_Exercise instructions_. Every entry is to be transcribed as it stands. Images stay out.

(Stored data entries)
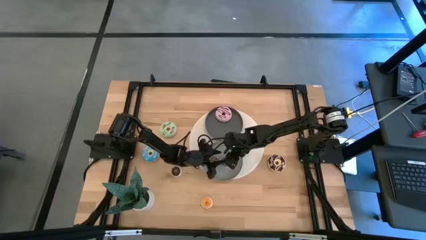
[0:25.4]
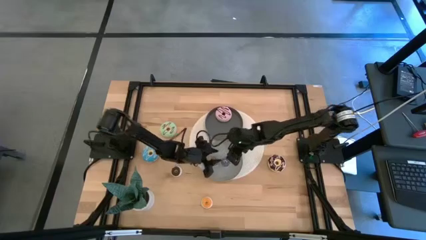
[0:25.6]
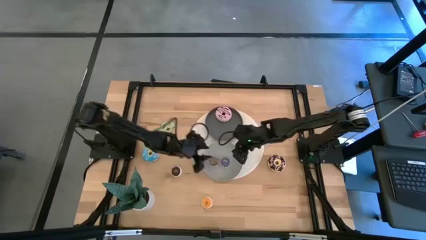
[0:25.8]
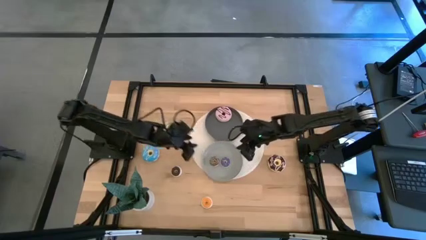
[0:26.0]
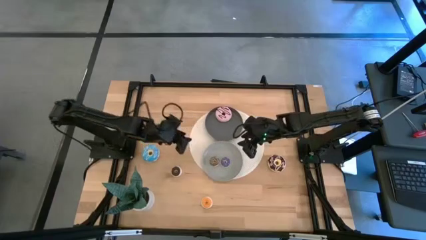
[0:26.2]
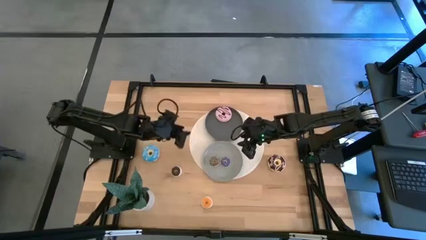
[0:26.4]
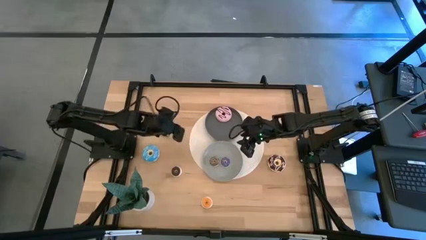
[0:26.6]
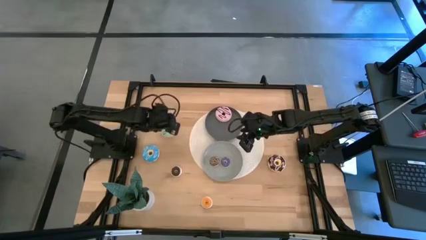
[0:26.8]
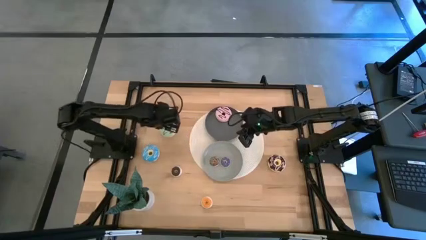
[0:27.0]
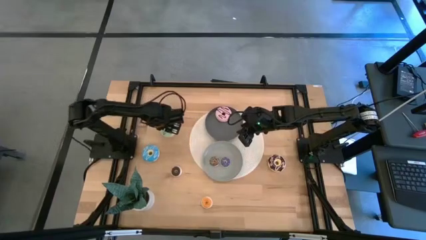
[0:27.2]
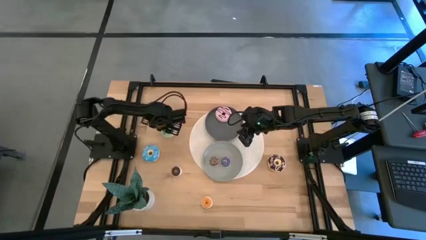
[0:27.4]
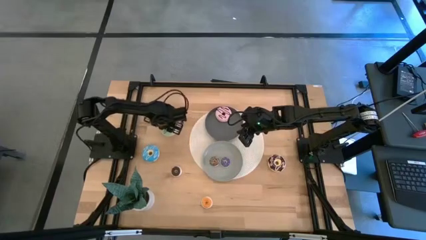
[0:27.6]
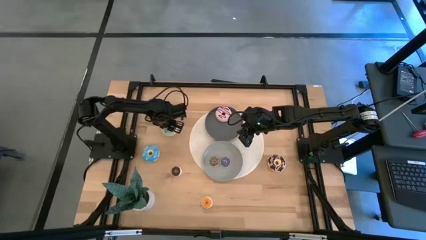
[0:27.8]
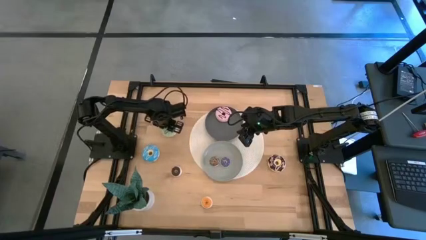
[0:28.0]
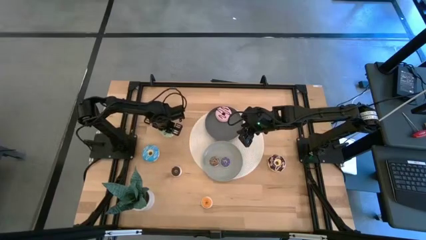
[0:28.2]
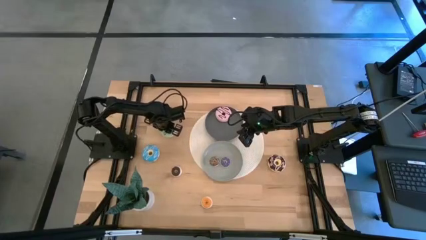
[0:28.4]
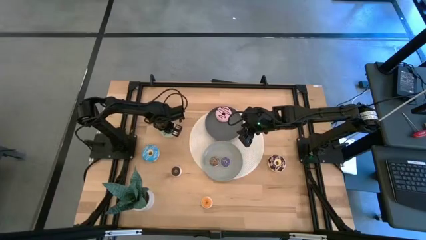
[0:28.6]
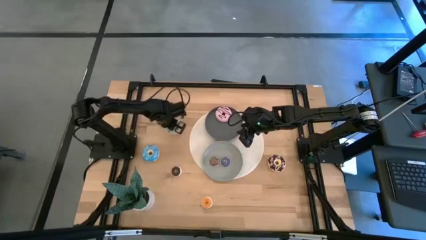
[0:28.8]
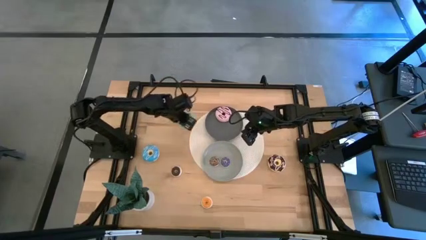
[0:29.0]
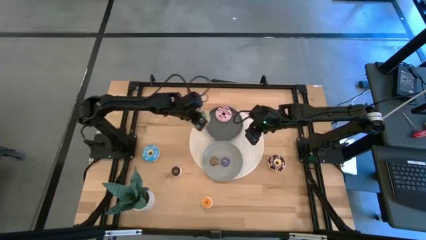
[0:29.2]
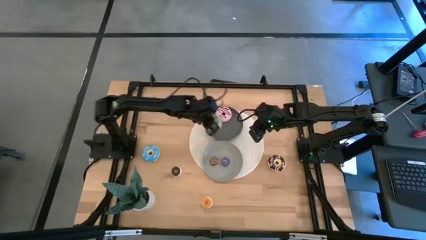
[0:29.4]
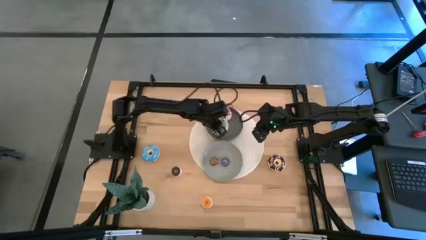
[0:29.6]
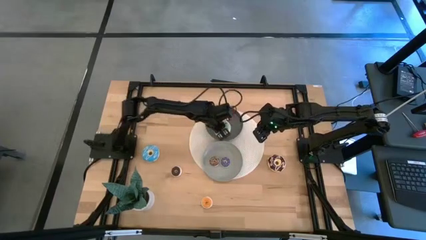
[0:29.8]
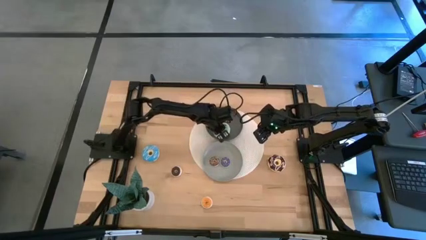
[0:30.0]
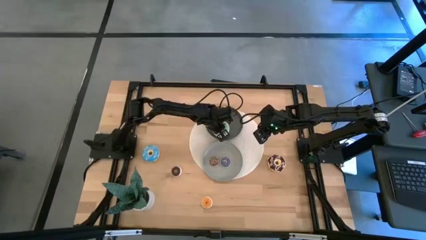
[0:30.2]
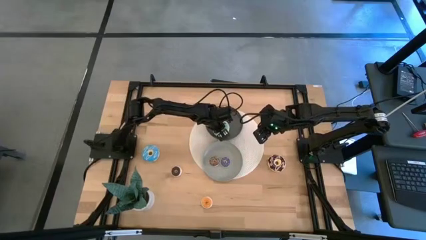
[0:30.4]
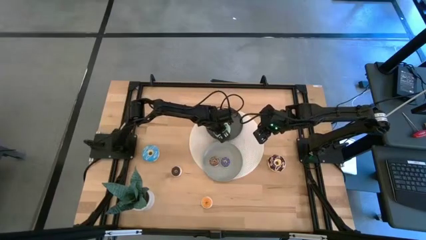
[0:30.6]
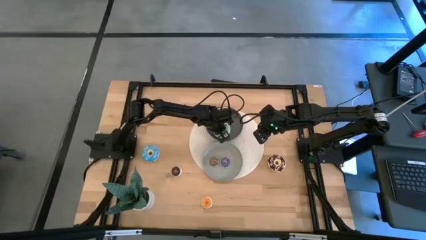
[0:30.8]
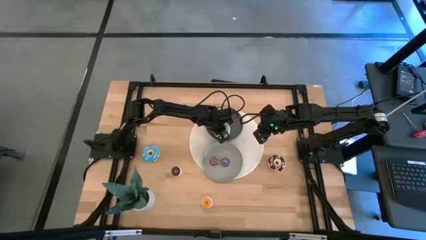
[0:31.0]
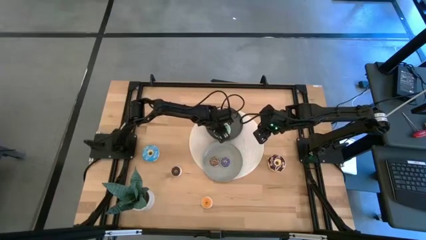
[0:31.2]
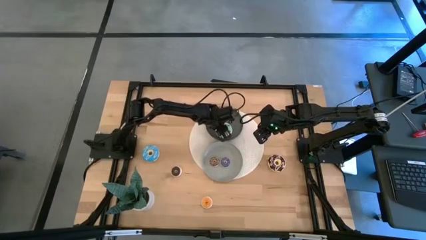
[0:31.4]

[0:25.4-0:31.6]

_Answer below_.
[0:25.4]
[0:25.6]
[0:25.8]
[0:26.0]
[0:26.2]
[0:26.4]
[0:26.6]
[0:26.8]
[0:27.0]
[0:27.2]
[0:27.4]
[0:27.6]
[0:27.8]
[0:28.0]
[0:28.2]
[0:28.4]
[0:28.6]
[0:28.8]
[0:29.0]
[0:29.2]
[0:29.4]
[0:29.6]
[0:29.8]
[0:30.0]
[0:30.2]
[0:30.4]
[0:30.6]
[0:30.8]
[0:31.0]
[0:31.2]
[0:31.4]

[0:25.4-0:31.6]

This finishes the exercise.